State stops paying for Viagra, sex changes

News  Star-Tribune (Minneapolis). Thursday, 1 September 2005.

Maura Lerner

Minnesota Medicaid Stops Paying for Circumcision

The state of Minnesota is quietly getting out of the business of paying for three controversial treatments that affect the sex lives or sex organs of low-income patients.

Starting today, the state will no longer cover routine circumcisions, unless required by religious practice, under its insurance plans for 670,000 low-income Minnesotans, according to the External link Department of Human Services.

It's also dropping coverage of Viagra and other impotence drugs.

And last month, it completely stopped paying for sex-change operations.

Each of the three changes in coverage may face legal problems.

The Legislature voted to end the payments with little fanfare during the special session in July. Supporters say they were no brainers at a time when legislators desperately needed to cut costs without doing serious harm to the programs: MinnesotaCare, Medical Assistance and General Assistance Medical Care.

Even state officials admit that the new rules may be challenged by civil liberties groups and activists, and in one case would require a federal agency to reverse its policy.

But at least one Stillwater woman hopes the changes will spur a sea change in Minnesota, to help turn the tide against what she considers an unnecessary and barbaric procedure.

Ending circumcisions

In recent years, about 10,000 baby boys have been circumcised each year at state expense, at an average cost of $54, according to the Human Services Department. That's 10,000 too many to Cindy Tregilgas, a Stillwater financial manager and mother of two sons. For several years, as a volunteer for NoCirc, the External link National Organization of Circumcision Information Resource Centers, she had lobbied the Legislature to stop circumcision. This year, her testimony helped change the policy, making Minnesota the 16th state to do so.

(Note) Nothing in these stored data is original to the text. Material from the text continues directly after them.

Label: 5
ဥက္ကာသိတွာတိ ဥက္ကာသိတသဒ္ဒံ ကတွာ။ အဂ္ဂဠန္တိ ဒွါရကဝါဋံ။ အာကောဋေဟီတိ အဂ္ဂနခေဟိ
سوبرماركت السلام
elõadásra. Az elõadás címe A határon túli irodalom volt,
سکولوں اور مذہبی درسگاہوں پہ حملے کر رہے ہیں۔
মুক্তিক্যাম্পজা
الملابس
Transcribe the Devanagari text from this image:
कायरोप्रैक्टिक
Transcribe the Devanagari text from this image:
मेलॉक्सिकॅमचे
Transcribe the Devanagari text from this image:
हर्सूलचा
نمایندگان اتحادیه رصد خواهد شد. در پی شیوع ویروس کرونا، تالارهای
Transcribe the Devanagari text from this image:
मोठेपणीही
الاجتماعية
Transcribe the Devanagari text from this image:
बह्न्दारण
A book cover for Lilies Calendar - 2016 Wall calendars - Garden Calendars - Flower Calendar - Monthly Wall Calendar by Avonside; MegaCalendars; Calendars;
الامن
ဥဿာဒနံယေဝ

At a House hearing in March, she said: I have come here today not to ask for money, but instead to show you where money can be saved. She argued that taxpayer dollars were wasted on a cosmetic procedure. While she opposes circumcision on moral grounds, she said, the money argument was especially persuasive. Frankly if it's ten dollars to spend on something that's totally unnecessary and can cause harm vs. spending on necessary medical services for low-income people, it's a no-brainer, she said.

The bill's sponsor, Rep. Jim Abeler, R-Anoka, a chiropractor and father of six boys, agreed. There's no medical indication, [and] we're looking for ways to save some money, he said. However, he added two exemptions, to allow payment if it's medically necessary or part of someone's religious practice.

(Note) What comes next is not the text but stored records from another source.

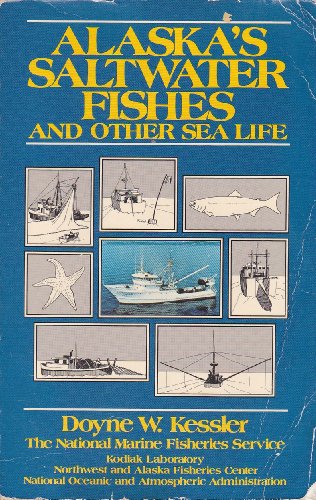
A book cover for Alaska's Saltwater Fishes and Other Sea Life: A Field Guide; Doyne W. Kessler; Sports & Outdoors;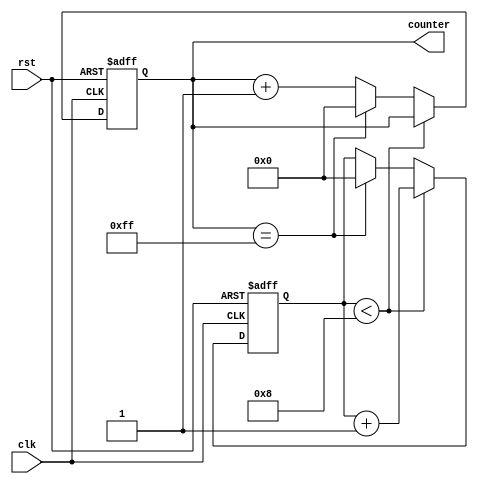
module loop_with_skip_statements(
    input wire clk,
    input wire rst,
    output reg [7:0] counter
);

reg [7:0] skip_count;

always @(posedge clk or posedge rst) begin
    if (rst) begin
        counter <= 8'b00000000;
        skip_count <= 8'b00000000;
    end else begin
        if (skip_count < 8) begin
            skip_count <= skip_count + 1;
            counter <= counter;
        end else begin
            counter <= counter + 1;
            if (counter == 8'b11111111) begin
                counter <= 8'b00000000;
                skip_count <= 8'b00000000;
            end
        end
    end
end

endmodule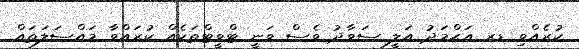
ކުރެއްވި ޑރ އަޙްމަދު އަލީ ސަވާދު ވެސް ވަނީ ޓްވީޓްތަކެއް ކުރައްވާ މައްސަލަތައް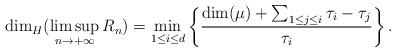
LaTeX: \begin{align*} \dim_H (\limsup_{n\rightarrow+\infty}R_n)= \min_{1\leq i\leq d }\left\{\frac{\dim (\mu)+\sum_{1\leq j\leq i}\tau_i-\tau_j}{\tau_i}\right\}. \end{align*}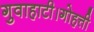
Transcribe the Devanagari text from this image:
गुवाहाटी।गोहत्ती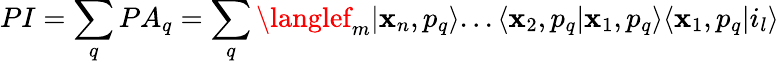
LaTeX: PI=\sum_{q}PA_{q}=\sum_{q}\langlef_{m}|\mathbf{x}_{n},p_{q}\rangle...\langle\mathbf{x}_{2},p_{q}|\mathbf{x}_{1},p_{q}\rangle\langle\mathbf{x}_{1},p_{q}|i_{l}\rangle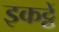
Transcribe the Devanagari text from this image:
इकट्ठें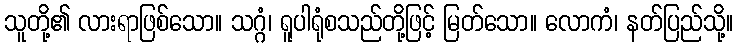
သူတို့၏ လားရာဖြစ်သော။ သဂ္ဂံ၊ ရူပါရုံစသည်တို့ဖြင့် မြတ်သော။ လောကံ၊ နတ်ပြည်သို့။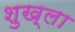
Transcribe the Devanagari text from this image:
शुख्ला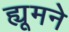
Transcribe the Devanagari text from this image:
ह्यूमने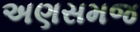
અણસમજ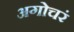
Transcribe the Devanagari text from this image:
अगोचरं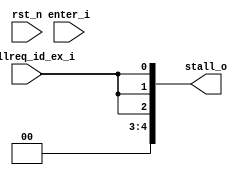
module ctrl (
    input  wire rst_n,

    // input  wire stallreq_id_i,
    // input  wire stallreq_ex_i,
    // input  wire stallreq_mem_i,
    // input  wire stallreq_wb_i,
    input  wire stallreq_id_ex_i,
    input  wire enter_i,

    output wire [4:0] stall_o
);
    // version 2.0 including stallreq from id_ex ONLY
    assign stall_o[0] = stallreq_id_ex_i;   // to pc_reg
    assign stall_o[1] = stallreq_id_ex_i;   // to if_id
    assign stall_o[2] = stallreq_id_ex_i;   // to id_ex
    assign stall_o[3] = 1'b0;               // to ex_mem
    // assign stall_o[4] = stallreq_id_ex_i;   // to mem_wb
    assign stall_o[4] = 1'b0; 
    // assign stall_o[5] = stallreq_id_ex_i;   // to regfile

    // version 1.0
    // assign stall_o = 5'b0;

endmodule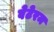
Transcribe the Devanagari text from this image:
वेटेरम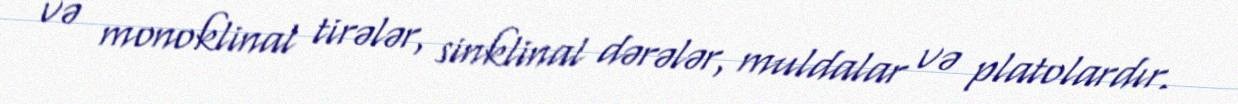
və monoklinal tirələr, sinklinal dərələr, muldalar və platolardır.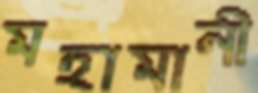
মহামানী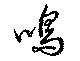
鳴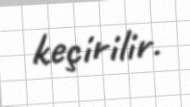
keçirilir.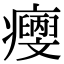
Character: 𤼄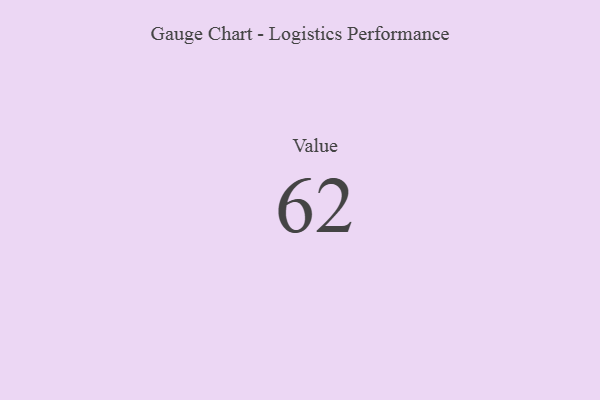
{"axis": {"x": "Metric", "y": "Value"}, "legend": [""], "data": [{"x": "Value", "y": 62, "type": ""}]}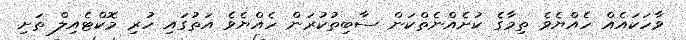
ވާހަކައެއް ހެއްޔެވެ ތިމާގެ ކުށެއްނެތްކަން ސާބިތުކުރަން ހެއްޔެވެ އަތުގައި ހުރި މޮކްޓެއިލް ތަށި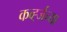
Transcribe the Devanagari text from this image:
कर्व्ह्जच्या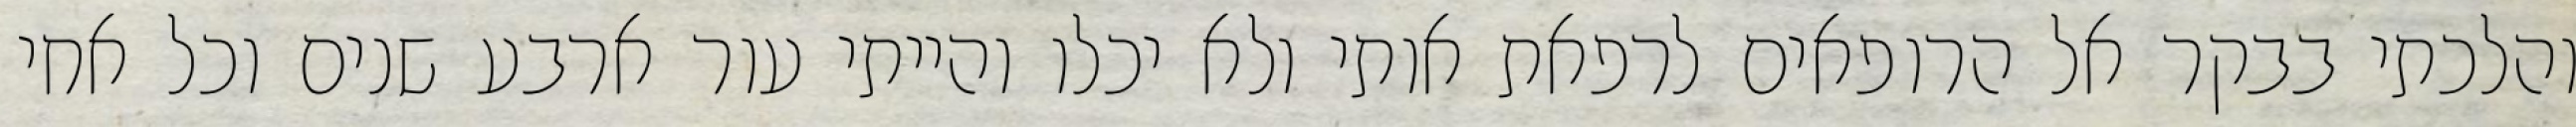
והלכתי בבקר אל הרופאים לרפאת אותי ולא יכלו והייתי עור ארבע שנים וכל אחי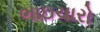
ભાઇચારો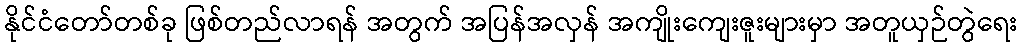
နိုင်ငံတော်တစ်ခု ဖြစ်တည်လာရန် အတွက် အပြန်အလှန် အကျိုးကျေးဇူးများမှာ အတူယှဉ်တွဲရေး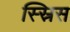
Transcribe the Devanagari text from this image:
स्स्रिस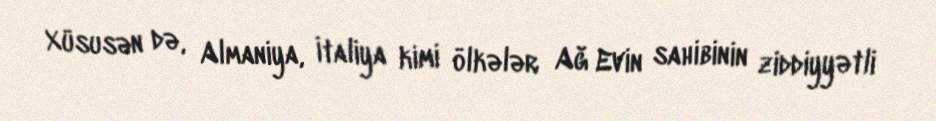
Xüsusən də, Almaniya, İtaliya kimi ölkələr Ağ Evin sahibinin ziddiyyətli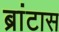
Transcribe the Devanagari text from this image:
ब्रांटास

Circumcision is practiced by Jews and Muslims, but he said neither group asked for the exemption. I thought it seemed reasonable, he said.

Assistant Human Services Commissioner Brian Osberg, who oversees the state health plans, acknowledged that the religious exemption might pose problems. We have not determined exactly how we're going to process that exception, he said.

Its legality was questioned by Charles Samuelson, executive director of the External link American Civil Liberties Union of Minnesota, who wondered how the state could base payments on a patient's religion. It just doesn't make sense, he said. My guess is that if it was challenged, they would be hard pressed to keep that exception.

Abeler, the sponsor, said he included it as a show of respect to other religions, and doesn't believe it affects many people. So if it's an issue, there wouldn't be a big fight, he said.

In any case, Tregilgas hopes this is just the beginning. Now, most private insurers cover routine circumcision in Minnesota. In other states, she said, private insurers have followed the government's lead. I think it will take some time. But I do think that over time, [fewer] insurance companies are going to cover it.

No more Viagra

About 2,000 men got impotence drugs last year courtesy of the state's Medicaid program, at a cost of roughly $7 a pill (up to six a month), state officials say.

It seemed like a natural place to save money, said Suzy Geroux, administrator for the House Health Policy and Finance committee. For the past seven years, Minnesota has covered impotence drugs under pressure from the federal government. In 1998, the Clinton administration issued a directive warning that states could lose federal funds if the drugs weren't covered under Medicaid.

With the change in political winds, state officials say this is the time to challenge that policy. It's really an interpretation of the law, Osberg said. Although the ban kicks in today, the state hasn't obtained federal permission to implement the change. Officials say they plan to submit that request later this month.

Closing a loophole

Minnesota has tried to end Medicaid payments for sex-change operations for 10 years. But activists have challenged the restrictions in court. As a result, two to three people a year have had their sex-change operations paid for by state programs, at a total cost of about $15,000 in state funds, officials say. The new law, which took effect Aug. 1, completely closes the loophole, Geroux said.

State lawyers say they expect court challenges to continue. Phil Duran, a lawyer for OutFront Minnesota, an advocacy group, says he's appealing the department's denials to five patients awaiting sex-change surgery. It's certainly our position that this is not about saving money, he said. This is about imposing a [penalty] on politically unpopular people.